Edward Norman: "Modern people have actually shown that they can get on very well without religion."

- Couldn't care less, Edward. Even if there would be ten billion atheists and only 100 Finnish Christians, I would happily belong to those hundred. I can offer Christianity, but if it is rejected, I go on without blinking an eye.

"... interior disposition in each person to need a religious sentiment." (Edward is rejecting this)

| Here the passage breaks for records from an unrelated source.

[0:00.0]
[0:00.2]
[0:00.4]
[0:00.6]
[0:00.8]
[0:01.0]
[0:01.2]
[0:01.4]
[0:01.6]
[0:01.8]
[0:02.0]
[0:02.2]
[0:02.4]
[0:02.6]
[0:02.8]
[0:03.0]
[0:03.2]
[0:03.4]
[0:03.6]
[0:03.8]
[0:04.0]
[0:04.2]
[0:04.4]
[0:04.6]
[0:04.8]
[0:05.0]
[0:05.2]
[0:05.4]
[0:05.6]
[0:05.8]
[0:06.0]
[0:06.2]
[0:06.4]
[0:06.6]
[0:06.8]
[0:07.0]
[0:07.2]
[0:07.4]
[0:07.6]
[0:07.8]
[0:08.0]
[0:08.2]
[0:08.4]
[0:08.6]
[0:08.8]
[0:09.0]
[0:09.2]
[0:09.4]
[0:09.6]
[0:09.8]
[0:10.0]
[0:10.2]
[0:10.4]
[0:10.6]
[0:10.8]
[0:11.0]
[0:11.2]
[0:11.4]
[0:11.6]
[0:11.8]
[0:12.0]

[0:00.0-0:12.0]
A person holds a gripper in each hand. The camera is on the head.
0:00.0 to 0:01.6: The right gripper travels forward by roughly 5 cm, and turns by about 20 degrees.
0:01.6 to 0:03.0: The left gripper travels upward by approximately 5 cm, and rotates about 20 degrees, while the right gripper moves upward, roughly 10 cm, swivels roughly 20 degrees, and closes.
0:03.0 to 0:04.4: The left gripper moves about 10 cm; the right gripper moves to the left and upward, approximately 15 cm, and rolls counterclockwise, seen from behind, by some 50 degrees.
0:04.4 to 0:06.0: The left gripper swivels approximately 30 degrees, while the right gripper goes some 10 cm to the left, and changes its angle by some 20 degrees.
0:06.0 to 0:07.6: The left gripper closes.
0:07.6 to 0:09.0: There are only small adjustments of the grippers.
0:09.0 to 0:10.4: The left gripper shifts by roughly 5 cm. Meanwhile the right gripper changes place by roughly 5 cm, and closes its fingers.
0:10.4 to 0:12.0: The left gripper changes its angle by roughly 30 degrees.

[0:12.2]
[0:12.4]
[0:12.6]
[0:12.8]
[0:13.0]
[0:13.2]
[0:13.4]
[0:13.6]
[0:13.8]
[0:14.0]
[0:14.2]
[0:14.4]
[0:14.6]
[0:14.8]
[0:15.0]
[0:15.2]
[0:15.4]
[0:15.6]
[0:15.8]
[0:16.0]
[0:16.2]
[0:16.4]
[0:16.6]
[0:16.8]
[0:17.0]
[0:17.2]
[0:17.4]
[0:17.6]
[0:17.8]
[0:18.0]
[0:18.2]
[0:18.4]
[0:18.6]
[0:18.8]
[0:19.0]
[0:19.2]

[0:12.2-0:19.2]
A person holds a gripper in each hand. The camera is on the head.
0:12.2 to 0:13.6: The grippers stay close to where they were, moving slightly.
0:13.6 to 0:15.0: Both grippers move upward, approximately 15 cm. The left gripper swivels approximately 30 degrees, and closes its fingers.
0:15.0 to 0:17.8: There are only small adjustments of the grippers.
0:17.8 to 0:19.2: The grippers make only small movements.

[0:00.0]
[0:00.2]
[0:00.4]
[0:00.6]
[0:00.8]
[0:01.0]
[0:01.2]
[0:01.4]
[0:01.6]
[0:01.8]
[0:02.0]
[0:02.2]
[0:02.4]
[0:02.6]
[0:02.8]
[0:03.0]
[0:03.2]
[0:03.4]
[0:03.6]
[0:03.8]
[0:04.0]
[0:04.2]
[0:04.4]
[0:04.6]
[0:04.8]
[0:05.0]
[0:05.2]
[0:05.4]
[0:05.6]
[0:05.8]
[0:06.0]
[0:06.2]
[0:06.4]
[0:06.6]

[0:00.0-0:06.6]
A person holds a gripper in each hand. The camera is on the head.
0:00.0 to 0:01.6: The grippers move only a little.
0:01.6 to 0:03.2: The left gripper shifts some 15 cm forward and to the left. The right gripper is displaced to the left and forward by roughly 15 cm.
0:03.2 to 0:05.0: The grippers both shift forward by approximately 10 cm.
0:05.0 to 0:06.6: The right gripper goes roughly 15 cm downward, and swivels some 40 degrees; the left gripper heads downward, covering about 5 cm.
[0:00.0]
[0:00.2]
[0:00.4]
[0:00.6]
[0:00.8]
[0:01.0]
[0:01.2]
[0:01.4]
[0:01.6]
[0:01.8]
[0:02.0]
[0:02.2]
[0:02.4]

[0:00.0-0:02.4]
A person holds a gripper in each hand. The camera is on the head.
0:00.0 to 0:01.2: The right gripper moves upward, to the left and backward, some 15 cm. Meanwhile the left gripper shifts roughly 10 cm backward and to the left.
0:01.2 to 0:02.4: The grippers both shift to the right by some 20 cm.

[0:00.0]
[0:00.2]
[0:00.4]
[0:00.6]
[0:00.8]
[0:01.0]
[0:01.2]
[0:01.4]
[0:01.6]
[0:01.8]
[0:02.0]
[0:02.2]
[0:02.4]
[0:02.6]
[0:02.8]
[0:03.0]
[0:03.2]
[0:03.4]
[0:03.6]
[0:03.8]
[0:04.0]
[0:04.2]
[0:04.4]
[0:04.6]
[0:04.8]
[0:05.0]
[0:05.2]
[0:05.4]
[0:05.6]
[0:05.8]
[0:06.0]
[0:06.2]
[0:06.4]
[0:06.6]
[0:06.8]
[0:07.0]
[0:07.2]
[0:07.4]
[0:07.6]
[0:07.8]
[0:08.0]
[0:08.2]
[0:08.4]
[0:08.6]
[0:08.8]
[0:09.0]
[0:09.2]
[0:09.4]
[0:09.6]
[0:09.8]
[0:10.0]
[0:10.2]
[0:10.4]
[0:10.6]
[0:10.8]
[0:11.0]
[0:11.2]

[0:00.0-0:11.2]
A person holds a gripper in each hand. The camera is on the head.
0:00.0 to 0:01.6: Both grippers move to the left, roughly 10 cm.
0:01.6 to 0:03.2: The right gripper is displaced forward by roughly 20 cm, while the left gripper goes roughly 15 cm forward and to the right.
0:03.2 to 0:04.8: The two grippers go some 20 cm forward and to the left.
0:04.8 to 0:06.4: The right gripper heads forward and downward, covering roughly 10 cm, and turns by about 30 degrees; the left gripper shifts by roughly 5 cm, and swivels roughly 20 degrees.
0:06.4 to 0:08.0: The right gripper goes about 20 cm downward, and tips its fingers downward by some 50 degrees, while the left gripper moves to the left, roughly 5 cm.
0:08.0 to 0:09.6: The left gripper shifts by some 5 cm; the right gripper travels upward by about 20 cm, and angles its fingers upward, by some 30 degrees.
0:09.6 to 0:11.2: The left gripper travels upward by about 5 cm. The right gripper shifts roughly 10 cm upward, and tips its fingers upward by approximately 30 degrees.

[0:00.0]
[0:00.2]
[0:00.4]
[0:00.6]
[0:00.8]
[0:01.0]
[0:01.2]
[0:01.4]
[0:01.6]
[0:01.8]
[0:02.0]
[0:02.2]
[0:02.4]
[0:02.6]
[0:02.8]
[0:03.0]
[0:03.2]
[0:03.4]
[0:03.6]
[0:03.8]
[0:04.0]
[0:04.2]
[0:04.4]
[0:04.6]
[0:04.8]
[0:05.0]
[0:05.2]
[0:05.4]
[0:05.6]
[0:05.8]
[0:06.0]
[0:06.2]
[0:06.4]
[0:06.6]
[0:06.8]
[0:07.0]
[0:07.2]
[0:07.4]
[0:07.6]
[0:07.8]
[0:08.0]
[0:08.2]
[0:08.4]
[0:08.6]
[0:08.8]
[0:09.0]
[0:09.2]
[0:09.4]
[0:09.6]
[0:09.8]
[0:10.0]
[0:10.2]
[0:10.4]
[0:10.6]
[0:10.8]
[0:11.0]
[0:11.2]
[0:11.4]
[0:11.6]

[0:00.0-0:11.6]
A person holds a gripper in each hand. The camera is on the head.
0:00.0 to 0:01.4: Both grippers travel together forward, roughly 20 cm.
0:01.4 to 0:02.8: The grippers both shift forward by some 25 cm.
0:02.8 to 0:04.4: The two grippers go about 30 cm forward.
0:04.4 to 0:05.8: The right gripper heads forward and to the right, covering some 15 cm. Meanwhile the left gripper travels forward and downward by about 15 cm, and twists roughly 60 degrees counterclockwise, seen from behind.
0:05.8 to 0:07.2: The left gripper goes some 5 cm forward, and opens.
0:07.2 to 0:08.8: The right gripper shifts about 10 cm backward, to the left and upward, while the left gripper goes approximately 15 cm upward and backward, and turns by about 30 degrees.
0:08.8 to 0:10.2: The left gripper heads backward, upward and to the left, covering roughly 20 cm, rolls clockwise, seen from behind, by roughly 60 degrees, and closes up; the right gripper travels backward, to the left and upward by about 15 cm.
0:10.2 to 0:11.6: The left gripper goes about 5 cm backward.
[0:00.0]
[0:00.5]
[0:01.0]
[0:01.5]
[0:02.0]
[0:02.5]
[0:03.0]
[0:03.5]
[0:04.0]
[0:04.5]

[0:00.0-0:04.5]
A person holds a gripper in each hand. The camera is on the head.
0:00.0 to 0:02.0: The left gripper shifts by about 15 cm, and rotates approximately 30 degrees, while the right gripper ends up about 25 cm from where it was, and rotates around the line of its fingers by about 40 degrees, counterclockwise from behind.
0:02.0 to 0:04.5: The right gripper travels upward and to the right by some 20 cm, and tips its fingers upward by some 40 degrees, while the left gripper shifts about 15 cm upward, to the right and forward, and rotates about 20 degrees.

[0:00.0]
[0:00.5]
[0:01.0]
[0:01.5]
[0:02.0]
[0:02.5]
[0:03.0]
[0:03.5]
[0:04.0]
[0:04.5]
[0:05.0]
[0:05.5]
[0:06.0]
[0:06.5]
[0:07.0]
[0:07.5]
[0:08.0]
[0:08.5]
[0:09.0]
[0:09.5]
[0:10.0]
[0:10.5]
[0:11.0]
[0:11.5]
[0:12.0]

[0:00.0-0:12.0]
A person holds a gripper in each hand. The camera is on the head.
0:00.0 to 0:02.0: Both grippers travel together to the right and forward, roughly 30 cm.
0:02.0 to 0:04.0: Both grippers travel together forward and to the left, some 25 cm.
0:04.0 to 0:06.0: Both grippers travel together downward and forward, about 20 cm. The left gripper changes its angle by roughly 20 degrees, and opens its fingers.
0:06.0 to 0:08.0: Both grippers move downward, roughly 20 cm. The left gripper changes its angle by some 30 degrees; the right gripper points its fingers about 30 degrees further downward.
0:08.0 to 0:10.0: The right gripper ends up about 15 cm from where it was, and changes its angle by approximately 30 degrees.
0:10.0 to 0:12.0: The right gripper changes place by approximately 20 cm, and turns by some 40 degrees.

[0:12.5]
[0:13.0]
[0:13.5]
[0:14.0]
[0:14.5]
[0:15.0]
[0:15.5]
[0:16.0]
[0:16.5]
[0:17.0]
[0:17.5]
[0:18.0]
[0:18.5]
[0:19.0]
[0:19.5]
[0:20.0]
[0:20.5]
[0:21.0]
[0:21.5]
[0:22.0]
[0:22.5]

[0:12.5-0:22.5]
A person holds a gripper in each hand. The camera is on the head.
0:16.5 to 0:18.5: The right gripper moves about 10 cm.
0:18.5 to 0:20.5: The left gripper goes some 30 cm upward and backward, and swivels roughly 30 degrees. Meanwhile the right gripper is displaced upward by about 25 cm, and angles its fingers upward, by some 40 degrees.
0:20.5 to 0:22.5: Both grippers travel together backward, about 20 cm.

- Atheistically oriented evolutionary psychologists have done their best to show that there is such a disposition; attribution of agency to various objects; death, and religion as problem solving; spontaneous belief in God in children, God not being mere projection from the image of parents; genetic components in the religious dispositions (about 50% of the variations); etc. These in itself can't tell anything about the existence of God (scientifically), just that we have those dispositions and they guide us towards God, more or less imperfectly, which in the case of humans can't be avoided.

When genuine Ghristianity is diminishing, heresies, superstitions, pseudo-religions, substitute "religions" (science, liberalism, communism etc.), reactionary dead religions, etc. increase.

"Christianity, as it really is, needs ... to be taught to each person and to each generation ..."

- Yes, that is a part of Christianity being the living word. In this world good things mostly require work and effort, unlike in Marxist fairy tale utopias.

"Christianity is in the market place of competing ideas"

-Perhaps, but it is not dependent on selling Christianity.